United States District Court, Ninth Circuit

October 18, 2013

GUILLERMO VERA, CDCR #K-73387, Plaintiff,
DIRECTOR OF CDCR; RAFAEL DIAS, Warden; CLEMENTS OGBUEHY, Nurse Practitioner; TIMOTHY BYERS, Physician Assistant, Defendants.


JANIS L. SAMMARTINO, District Judge.


Plaintiff, a state prisoner currently incarcerated at California State Prison in Corcoran, California (CSP-COR), and proceeding pro se, filed this civil rights action pursuant to 42 U.S.C. § 1983 on January 28, 2013.

In his Complaint, Plaintiff claims the Director of the California Department of Corrections and Rehabilitation (CDCR), and several California Substance Abuse Treatment Facility (SATF) officials, violated his rights to adequate medical care, access to the court, and to be free from cruel and unusual punishments during his incarceration there in 2011 and early 2012. (Compl. at 2-3.)

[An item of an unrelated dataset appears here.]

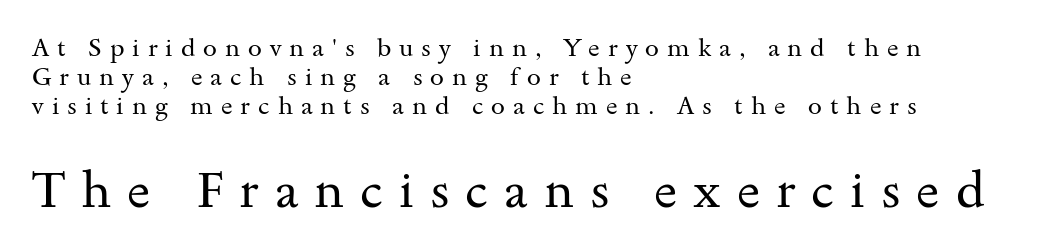
{"serif": "yes", "italic": "no", "bold": "no", "weight": "regular", "width": "wide", "stroke_contrast": "medium", "x_height": "small", "monospaced": "no", "underline": "no", "align": "left", "line_spacing_ratio": 1.16, "letter_spacing": "wide", "letter_spacing_em": 0.32, "larger_block": "second", "size_ratio": 2.0, "glyph_px": 50}

On February 20, 2013, the Court dismissed the action for two reasons. First, Plaintiff failed to prepay the civil filing fees required by 28 U.S.C. § 1914(a) and did not seek leave to proceed in forma pauperis ("IFP") pursuant to 28 U.S.C. § 1915(a). See Feb. 20, 2013 Order [ECF Doc. No. 2] at 2, 3. Second, "while the Court would normally grant Plaintiff an opportunity to either submit the full filing fee or file a Motion to Proceed IFP, an initial review of the Complaint further reveal[ed] that [Plaintiff's] case lacks proper venue." Id. at 2. Specifically, the Court found that:

[w]hile Plaintiff is currently incarcerated at CSP-COR, [...] he fails to allege a county of residence for any Defendant, [...] claims the substantial part of the events or omissions giving rise to his claims occurred while he was incarcerated at SATF in Corcoran, California, and the exhibits attached to his Complaint indicate Defendants Dias, Ogbuehy and Byers are CDCR officials employed at SATF.[1] ( See Compl. at 2; Exs. [ECF No. 1-1] at 13, 14, 16, 23.) The City of Corcoran is located in Kings County, California. Therefore, venue is proper in the Eastern District of California, pursuant to 28 U.S.C. § 84(b), but not in the Southern District of California, pursuant to 28 U.S.C. § 84(d) ("The Southern District [of California] comprises the counties of Imperial and San Diego."). See 28 U.S.C. § 1391(b); Costlow, 790 F.2d at 1488.

Therefore, the Court dismissed the action sua sponte but without prejudice to Plaintiff's re-filing it in the proper district. Id. at 2-3 (citing 28 U.S.C. § 1914(a); 28 U.S.C. § 1406(a)).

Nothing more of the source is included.